- Opening Delimiter -
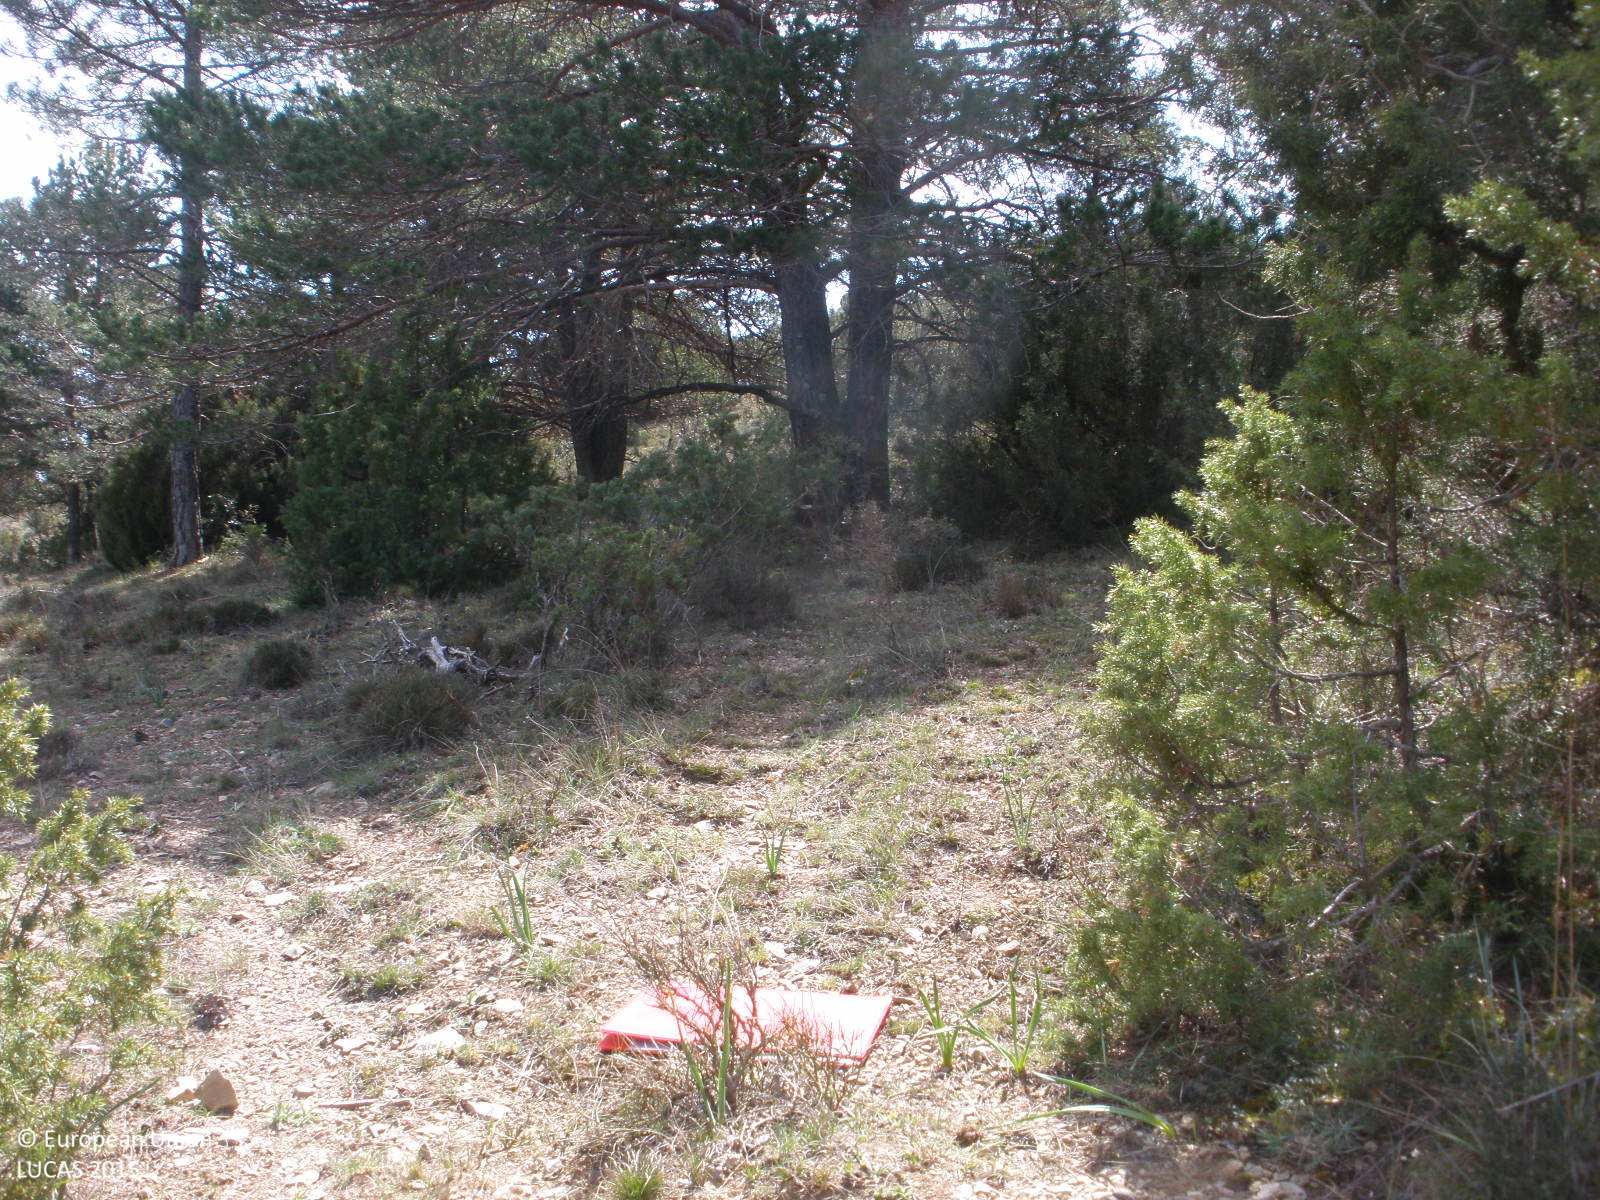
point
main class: Woodland
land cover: Pine dominated coniferous woodland
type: coniferous forest of the mediterranean region
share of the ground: > 75 %
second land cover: Grassland without tree/shrub cover
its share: > 75 %
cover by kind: coniferous forest trees 40 %, shrubs 30 %, herbaceous plants 20 %, consolidated bare surface 10 %
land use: Forestry
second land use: Agriculture (excluding fallow land and kitchen gardens)
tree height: > 5 m
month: April
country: ES
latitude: 40.2156
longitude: -0.9714
- Closing Delimiter -
■ Exercise instructions: Each line above should be written out again unchanged; no images are to be carried over.

■ Task answer:
point
main class: Woodland
land cover: Pine dominated coniferous woodland
type: coniferous forest of the mediterranean region
share of the ground: > 75 %
second land cover: Grassland without tree/shrub cover
its share: > 75 %
cover by kind: coniferous forest trees 40 %, shrubs 30 %, herbaceous plants 20 %, consolidated bare surface 10 %
land use: Forestry
second land use: Agriculture (excluding fallow land and kitchen gardens)
tree height: > 5 m
month: April
country: ES
latitude: 40.2156
longitude: -0.9714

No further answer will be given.